Edmund James O'Reilly, S.J.: W sprawie idei Długiego Wakatu Stolicy Apostolskiej

 

 Edmund James O'Reilly, S.J.: W sprawie idei Długiego Wakatu Stolicy Apostolskiej

Przez Johna Daly'ego

Zrewidowany i zredagowany przez Johna Lane'a, październik 1999 r.

W 1882 roku w Anglii ukazała się książka "The Relations of the Church to Society - Theological Essays", zawierająca 29 esejów ks. Edmunda Jamesa O'Reilly S.J., jednego z czołowych teologów swoich czasów. Książka wyraża ze wspaniałą klarownością i zwięzłością wiele ważnych prawd teologicznych i spostrzeżeń na tematy pośrednio, jak również bezpośrednio związane z jej głównym tematem. Dla naszych celów książka ma pod jednym względem jeszcze większe znaczenie niż w chwili jej wydania, gdyż o. O'Reilly z całą powagą takiego autorytetu, jaki posiada, wyraża następujące opinie:

1. że trwający przez dłuższy czas wakat w Stolicy Apostolskiej nie może być uznany za niezgodny z obietnicami Chrystusa co do niedoskonałości Kościoła; oraz

2. że niezwykle pochopnie byłoby ustalać wszelkie przesądzone granice tego, na co Bóg będzie gotów pozwolić Stolicy Apostolskiej (oczywiście inne niż to, że prawdziwy papież nigdy nie popadnie w herezję, ani w żaden sposób nie popełni błędu).
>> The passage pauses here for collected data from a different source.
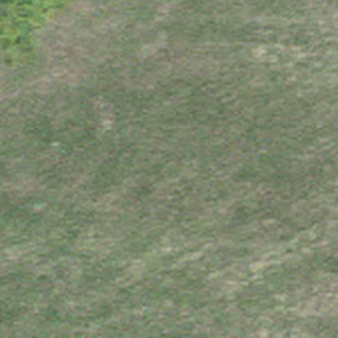
Label: other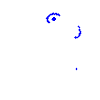
Particle: proton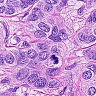
Metastatic tissue present: yes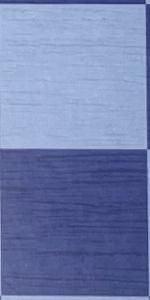
Label: Empty
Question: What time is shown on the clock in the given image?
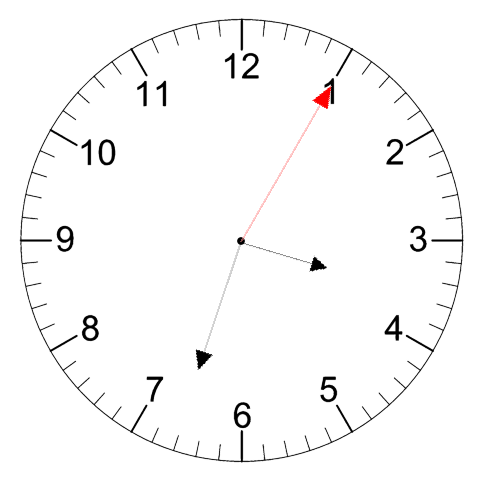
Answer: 03:33:05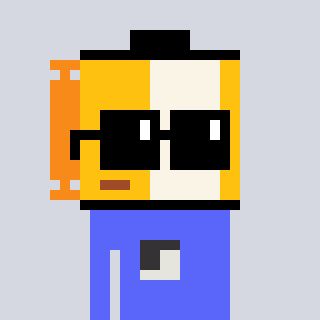
a pixel art character with square black sunglasses, a film roll-shaped head and a purple-colored body on a cool background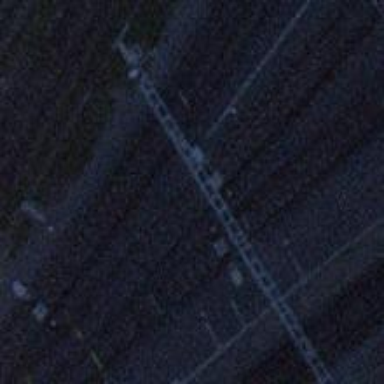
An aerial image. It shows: Single-track electrified railway service yard with contact line for trains.
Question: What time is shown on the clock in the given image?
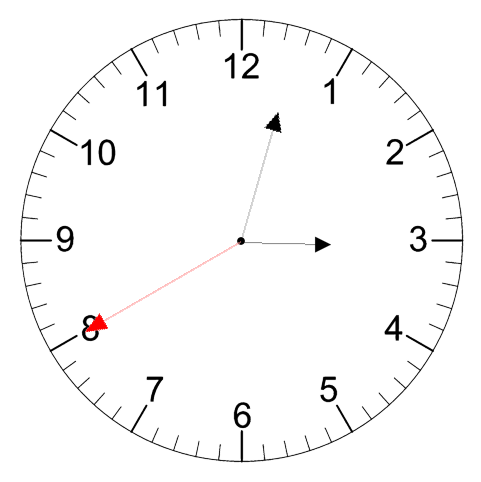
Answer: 03:02:40

Ojciec O'Reilly nie ma oczywiście statusu papieża czy doktora Kościoła, ale to powiedziawszy, z pewnością nie był to znikomy autorytet. Pewne wyobrażenie o szacunku, jakim go darzono, można uzyskać na podstawie następujących faktów:

- Kardynał Cullen, ówczesny biskup Armagh, wybrał go na swego teologa na Synodzie w Thurles w 1850 roku. Dr. Brown, biskup Shrewsbury, wybrał go na swojego teologa na Synodzie w Shrewsbury.
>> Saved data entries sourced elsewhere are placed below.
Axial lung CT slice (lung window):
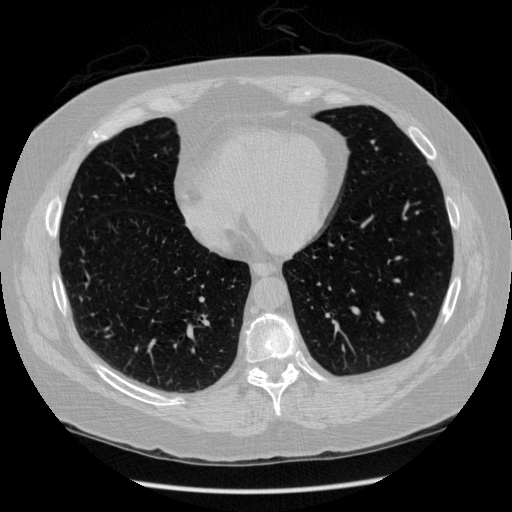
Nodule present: no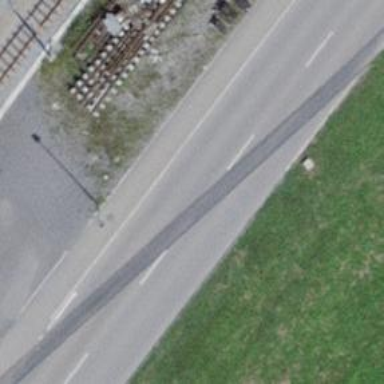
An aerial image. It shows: Railway level crossing.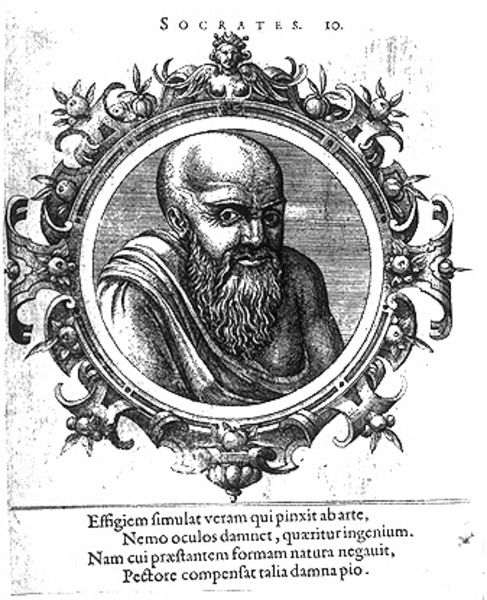
Titel: Bildnis des Socrates
Institution: (Seriendruck)
Schlagwörter: blätter, dunkel, kopf, mann, nackt, umhang, weiß, blume, blumen, frau, grau, hell, mund, nase, ohr, schwarz, stirn, zeichnung, blüte, blüten, obst, schleier, tuch, ornament, bart, arm, augen, barock, kragen, rahmen, vollbart, bild, bildnis, portrait, porträt, spiegel, auge, haare, mantel, pflanzen, potrait, poträt, schulter, schultern, kreis, rund, tondo, engel, früchte, holzschnitt, schrift, körbe, grafik, graphik, kahl, rand, könig, dick, ernst, inschrift, büste, glatze, dekor, ornamente, antike, maske, philosoph, unterschrift, buch, medaillon, druck, radierung, stich, seite, schwarzweiß, text, volbart, hässlich, buchdruck, stirm, toga, griechenland, tunika, durck, latein, lateinisch, schirft, graphi, sokrates, tafeln, gesetzestafeln, rollwerk, latei, maskaron, socrates, pflanzenwerk, 10, socrates 10, ebart

- Dr. Furlong, biskup Ferns i jego były współpracownik jako profesor teologii na Maynooth, wybrał go na teologa na Synodzie w Maynooth.

- Został on mianowany profesorem teologii na Katolickim Uniwersytecie w Dublinie przy jego założeniu. Generał Towarzystwa Jezusowego, o. Beckx, zaproponował mianowanie go profesorem teologii w Kolegium Rzymskim, choć, jak się okazało, okoliczności niezwiązane z o. O'Reilly'm nie pozwoliły na jego mianowanie.
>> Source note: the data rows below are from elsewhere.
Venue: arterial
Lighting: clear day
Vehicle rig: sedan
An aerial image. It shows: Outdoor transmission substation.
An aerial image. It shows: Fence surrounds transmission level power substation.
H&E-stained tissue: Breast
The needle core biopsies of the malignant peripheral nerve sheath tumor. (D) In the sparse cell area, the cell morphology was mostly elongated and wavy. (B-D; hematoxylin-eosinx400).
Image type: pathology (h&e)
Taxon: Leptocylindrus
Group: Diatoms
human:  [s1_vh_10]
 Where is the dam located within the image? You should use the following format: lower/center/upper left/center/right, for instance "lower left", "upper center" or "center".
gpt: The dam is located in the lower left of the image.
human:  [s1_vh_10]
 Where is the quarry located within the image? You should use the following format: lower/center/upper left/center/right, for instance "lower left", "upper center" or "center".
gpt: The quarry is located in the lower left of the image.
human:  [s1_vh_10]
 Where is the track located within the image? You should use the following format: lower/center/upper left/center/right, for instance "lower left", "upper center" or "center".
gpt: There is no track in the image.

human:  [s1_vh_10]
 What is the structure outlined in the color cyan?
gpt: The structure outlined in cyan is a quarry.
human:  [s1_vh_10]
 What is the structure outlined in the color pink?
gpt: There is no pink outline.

- Na konferencji poświęconej studiom filozoficznym i teologicznym w Towarzystwie Jezusowym został wybrany, by reprezentować wszystkie anglojęzyczne "prowincje" Towarzystwa - to znaczy Irlandię, Anglię, Maryland i inne podziały Stanów Zjednoczonych.

Krótko mówiąc, o. O'Reilly był powszechnie uznawany za jednego z najbardziej erudycyjnych i ważnych teologów swoich czasów.

Na koniec warto zacytować następujący cytat dr Warda w słusznie znanym Dublin Review (styczeń 1876) (podkreślenie dodane):

"Cokolwiek pisze tak zdolny i solidnie wykształcony teolog - tak uległym Kościołowi i tak ugruntowanym na starożytnych ścieżkach teologicznych - nie może być jedynie sygnałem korzystnym dla katolickiego czytelnika w tych niespokojnych i niebezpiecznych czasach".

Dr Ward uważał, że jego czasy były niespokojne i niebezpieczne! Cóż, zobaczmy teraz, jakie "korzyści sygnałowe" my, nieco ponad sto lat później, możemy czerpać z niektórych pism o. O'Reilly'ego.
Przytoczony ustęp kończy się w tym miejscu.